[Data entries]
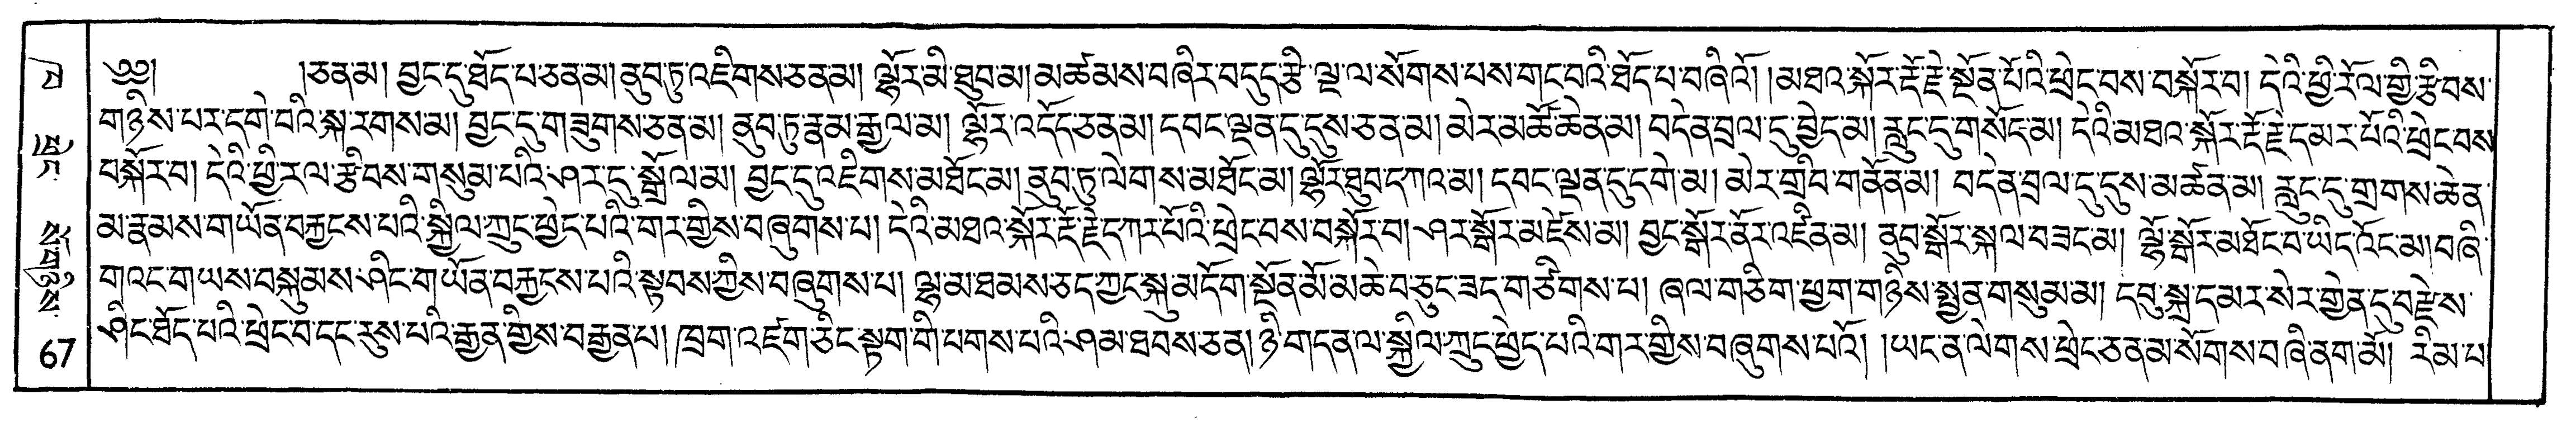༄༅། །ཅན་མ། བྱང་དུ་ཐོད་པ་ཅན་མ། ནུབ་ཏུ་འཇིགས་ཅན་མ། ལྷོར་མི་ཐུབ་མ། མཚམས་བཞིར་བདུད་རྩི་ལྔ་ལ་སོགས་པས་གང་བའི་ཐོད་པ་བཞིའོ། །མཐའ་སྐོར་རྡོ་རྗེ་སྔོན་པོའི་ཕྲེང་བས་བསྐོར་བ། དེའི་ཕྱི་རོལ་གྱི་རྩིབས་
གཉིས་པར་དགེ་བའི་སྐ་རགས་མ། བྱང་དུ་གཟུགས་ཅན་མ། ནུབ་ཏུ་རྣམ་རྒྱལ་མ། ལྷོར་འདོད་ཅན་མ། དབང་ལྡན་དུ་དུས་ཅན་མ། མེར་མཚོ་ཆེན་མ། བདེན་བྲལ་དུ་བྱེད་མ། རླུང་དུ་གསོད་མ། དེའི་མཐའ་སྐོར་རྡོ་རྗེ་དམར་པོའི་ཕྲེང་བས་
བསྐོར་བ། དེའི་ཕྱི་རལ་རྩིབས་གསུམ་པའི་ཤར་དུ་སྒྲོལ་མ། བྱང་དུ་འཇིགས་མཐོང་མ། ནུབ་ཏུ་ལེགས་མཐོང་མ། ལྷོར་ཐུབ་དཀའ་མ། དབང་ལྡན་དུ་དགེ་མ། མེར་གྲིབ་གནོན་མ། བདེན་བྲལ་དུ་དུས་མཚན་མ། རླུང་དུ་གྲགས་ཆེན་
མ་རྣམས་གཡོན་བརྐྱངས་པའི་སྐྱིལ་ཀྲུང་ཕྱེད་པའི་གར་གྱིས་བཞུགས་པ། དེའི་མཐའ་སྐོར་རྡོ་རྗེ་དཀར་པོའི་ཕྲེང་བས་བསྐོར་བ། ཤར་སྒོར་མཛེས་མ། བྱང་སྒོར་ནོར་འཛིན་མ། ནུབ་སྒོར་སྐལ་བཟང་མ། ལྷོ་སྒོར་མཐོང་བ་ཡིད་འོང་མ། བཞི་
གའང་གཡས་བསྐུམས་ཤིང་གཡོན་བརྐྱངས་པའི་སྟབས་ཀྱིས་བཞུགས་པ། ལྷ་མ་ཐམས་ཅད་ཀྱང་སྐུ་མདོག་སྔོན་མོ་མཆེ་བ་ཅུང་ཟད་གཙིགས་པ། ཞལ་གཅིག་ཕྱག་གཉིས་སྤྱན་གསུམ་མ། དབུ་སྐྲ་དམར་སེར་གྱེན་དུ་བརྫེས་
ཤིང་ཐོད་པའི་ཕྲེང་བ་དང་རུས་པའི་རྒྱན་གྱིས་བརྒྱན་པ། ཁྲག་འཛག་ཅིང་སྟག་གི་པགས་པའི་ཤམ་ཐབས་ཅན། ཉི་གདན་ལ་སྐྱིལ་ཀྲུང་ཕྱེད་པའི་གར་གྱིས་བཞུགས་པའོ། །ཡང་ན་ལེགས་ཕྲེང་ཅན་མ་སོགས་བཞི་ནག་མོ། རིམ་པ་

[Prompt] Repeat only what runs from the first line of the records above to the line with "མེར་གྲིབ་གནོན་མ། བདེན་བྲལ་དུ་དུས་མཚན་མ། རླུང་དུ་གྲགས་ཆེན་", both included, word for word, minus the pictures.

[Result]
༄༅། །ཅན་མ། བྱང་དུ་ཐོད་པ་ཅན་མ། ནུབ་ཏུ་འཇིགས་ཅན་མ། ལྷོར་མི་ཐུབ་མ། མཚམས་བཞིར་བདུད་རྩི་ལྔ་ལ་སོགས་པས་གང་བའི་ཐོད་པ་བཞིའོ། །མཐའ་སྐོར་རྡོ་རྗེ་སྔོན་པོའི་ཕྲེང་བས་བསྐོར་བ། དེའི་ཕྱི་རོལ་གྱི་རྩིབས་
གཉིས་པར་དགེ་བའི་སྐ་རགས་མ། བྱང་དུ་གཟུགས་ཅན་མ། ནུབ་ཏུ་རྣམ་རྒྱལ་མ། ལྷོར་འདོད་ཅན་མ། དབང་ལྡན་དུ་དུས་ཅན་མ། མེར་མཚོ་ཆེན་མ། བདེན་བྲལ་དུ་བྱེད་མ། རླུང་དུ་གསོད་མ། དེའི་མཐའ་སྐོར་རྡོ་རྗེ་དམར་པོའི་ཕྲེང་བས་
བསྐོར་བ། དེའི་ཕྱི་རལ་རྩིབས་གསུམ་པའི་ཤར་དུ་སྒྲོལ་མ། བྱང་དུ་འཇིགས་མཐོང་མ། ནུབ་ཏུ་ལེགས་མཐོང་མ། ལྷོར་ཐུབ་དཀའ་མ། དབང་ལྡན་དུ་དགེ་མ། མེར་གྲིབ་གནོན་མ། བདེན་བྲལ་དུ་དུས་མཚན་མ། རླུང་དུ་གྲགས་ཆེན་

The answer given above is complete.